The Power BI Report has a template option. This format uses the .PBIT extension and doesn’t contain any data only a template to use with other data. The structure is roughly the same, but doesn’t contain the “DataModel” file, but “DataModelSchema”, which appears to be a JSON file.

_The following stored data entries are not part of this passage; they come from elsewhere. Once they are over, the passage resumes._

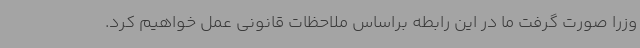
وزرا صورت گرفت ما در این رابطه براساس ملاحظات قانونی عمل خواهیم کرد.
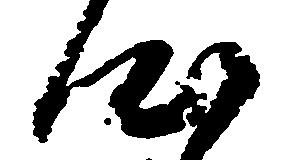
心
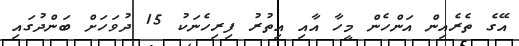
އޭގެ ތެރެއިން އަންހެން މީހާ އާއި އިތުރު ފިރިހެނަކު 15 ދުވަހަށް ބަންދުގައި
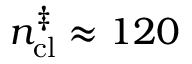
n _ { \mathrm { c l } } ^ { \ddagger } \approx 1 2 0
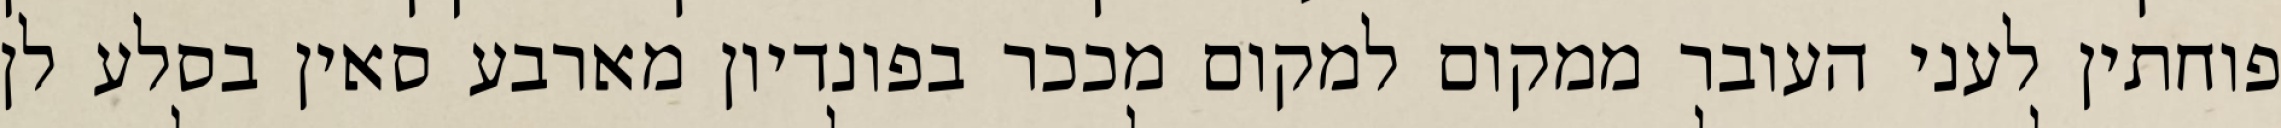
פוחתין לעני העובר ממקום למקום מככר בפונדיון מארבע סאין בסלע לן
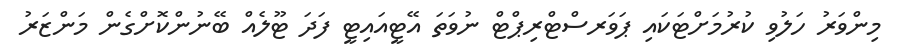
މިންވަރު ހަލުވި ކުރުމަށްޓަކައި ޕަވަރސްޓްރިޕްޓް ނުވަތަ އޭޓީއައިޓީ ފަދަ ޓޫލެއް ބޭނުންކޮށްގެން މަންޒަރު
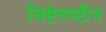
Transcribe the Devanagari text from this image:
लिष्टेनस्टीन
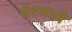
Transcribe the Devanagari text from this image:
चॅटमध्ये
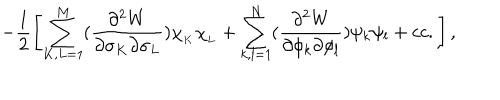
- \frac { 1 } { 2 } \left[ \sum _ { K , L = 1 } ^ { M } ( \frac { \partial ^ { 2 } W } { \partial \sigma _ { K } \partial \sigma _ { L } } ) \chi _ { _ K } \chi _ { _ L } + \sum _ { k , l = 1 } ^ { N } ( \frac { \partial ^ { 2 } W } { \partial \phi _ { k } \partial \phi _ { l } } ) \psi _ { k } \psi _ { l } + c c . \right] ,
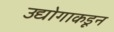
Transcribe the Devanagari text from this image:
उद्योगाकडून
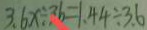
3 . 6 x \div 3 6 = 1 . 4 4 \div 3 . 6
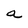
Character: a
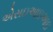
એસઇઆઇઆઇ
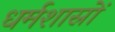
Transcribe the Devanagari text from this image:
धर्मशास्रों
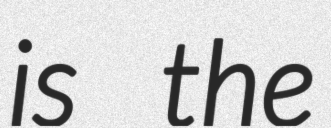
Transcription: is the
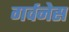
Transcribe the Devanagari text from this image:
गर्वनेस
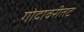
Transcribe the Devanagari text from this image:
गोदावरीतट
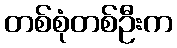
တစ်စုံတစ်ဦးက
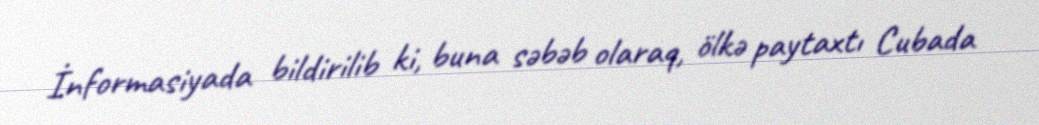
İnformasiyada bildirilib ki, buna səbəb olaraq, ölkə paytaxtı Cubada
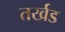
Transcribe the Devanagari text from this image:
तर्खड
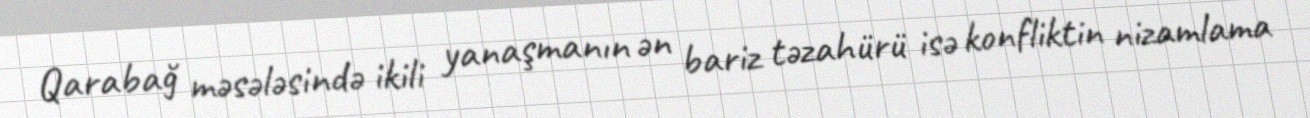
Qarabağ məsələsində ikili yanaşmanın ən bariz təzahürü isə konfliktin nizamlama
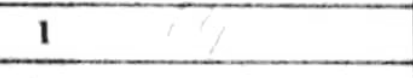
Transcription: d4
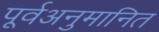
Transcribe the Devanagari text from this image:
पूर्वअनुमानित
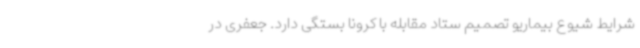
شرایط شیوع بیماریو تصمیم ستاد مقابله با کرونا بستگی دارد. جعفری در
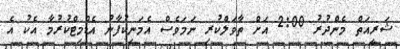
ޝަރީއަތް މެންދުރު 2:00 އަށް ތާވަލްކުރި ނަމަވެސް އެމަނިކުފާނު އެޑްމިޓްކުރުމާ އެކު އެ
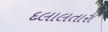
દલાલતારી
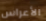
الأعراس
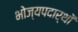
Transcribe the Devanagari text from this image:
भोज्यपदार्थों
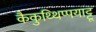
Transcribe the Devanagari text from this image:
कैकुथ्थिप्पयाट्टू
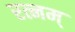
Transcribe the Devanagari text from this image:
रत्नम्‌
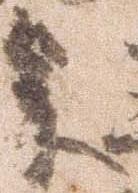
参
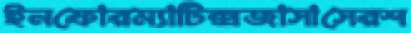
ইনফোরম্যাটিক্সজাসাসেরশ
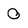
Character: 0
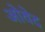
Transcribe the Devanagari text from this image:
ओवेद
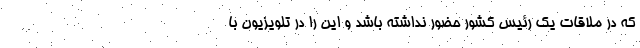
که در ملاقات یک رئیس کشور حضور نداشته باشد و این را در تلویزیون با
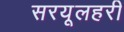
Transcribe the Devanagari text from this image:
सरयूलहरी
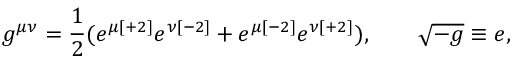
g ^ { \mu \nu } = { \frac { 1 } { 2 } } ( e ^ { \mu { [ + 2 ] } } e ^ { \nu { [ - 2 ] } } + e ^ { \mu { [ - 2 ] } } e ^ { \nu { [ + 2 ] } } ) , \qquad \sqrt { - g } \equiv e ,
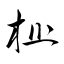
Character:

hexdump -C DataModelSchema | head 00000000 7b 00 0d 00 0a 00 20 00 20 00 22 00 6e 00 61 00 |{..... . .".n.a.| 00000010 6d 00 65 00 22 00 3a 00 20 00 22 00 38 00 36 00 |m.e.".:. .".8.6.| 00000020 65 00 34 00 32 00 62 00 33 00 30 00 2d 00 30 00 |e.4.2.b.3.0.-.0.| 00000030 34 00 34 00 33 00 2d 00 34 00 36 00 30 00 63 00 |4.4.3.-.4.6.0.c.| 00000040 2d 00 61 00 36 00 66 00 36 00 2d 00 36 00 66 00 |-.a.6.f.6.-.6.f.| 00000050 34 00 35 00 35 00 66 00 64 00 64 00 31 00 61 00 |4.5.5.f.d.d.1.a.| 00000060 35 00 36 00 22 00 2c 00 0d 00 0a 00 20 00 20 00 |5.6.".,..... . .| 00000070 22 00 63 00 6f 00 6d 00 70 00 61 00 74 00 69 00 |".c.o.m.p.a.t.i.| 00000080 62 00 69 00 6c 00 69 00 74 00 79 00 4c 00 65 00 |b.i.l.i.t.y.L.e.| 00000090 76 00 65 00 6c 00 22 00 3a 00 20 00 31 00 35 00 |v.e.l.".:. .1.5.|
The DataModelSchema JSON has some plain text strings which could be used for identification. Later in the file there is a string, “defaultPowerBIDataSourceVersion“.
000001c0 20 00 20 00 20 00 7d 00 2c 00 0d 00 0a 00 20 00 | . . .}.,..... .| 000001d0 20 00 20 00 20 00 22 00 64 00 65 00 66 00 61 00 | . . .".d.e.f.a.| 000001e0 75 00 6c 00 74 00 50 00 6f 00 77 00 65 00 72 00 |u.l.t.P.o.w.e.r.| 000001f0 42 00 49 00 44 00 61 00 74 00 61 00 53 00 6f 00 |B.I.D.a.t.a.S.o.| 00000200 75 00 72 00 63 00 65 00 56 00 65 00 72 00 73 00 |u.r.c.e.V.e.r.s.| 00000210 69 00 6f 00 6e 00 22 00 3a 00 20 00 22 00 70 00 |i.o.n.".:. .".p.| 00000220 6f 00 77 00 65 00 72 00 42 00 49 00 5f 00 56 00 |o.w.e.r.B.I._.V.| 00000230 33 00 22 00 2c 00 0d 00 0a 00 20 00 20 00 20 00 |3.".,..... . . .|
Seems like the best identification of the template format.
As usual you can find my signature proposal on my GitHub along with a couple “safe” samples.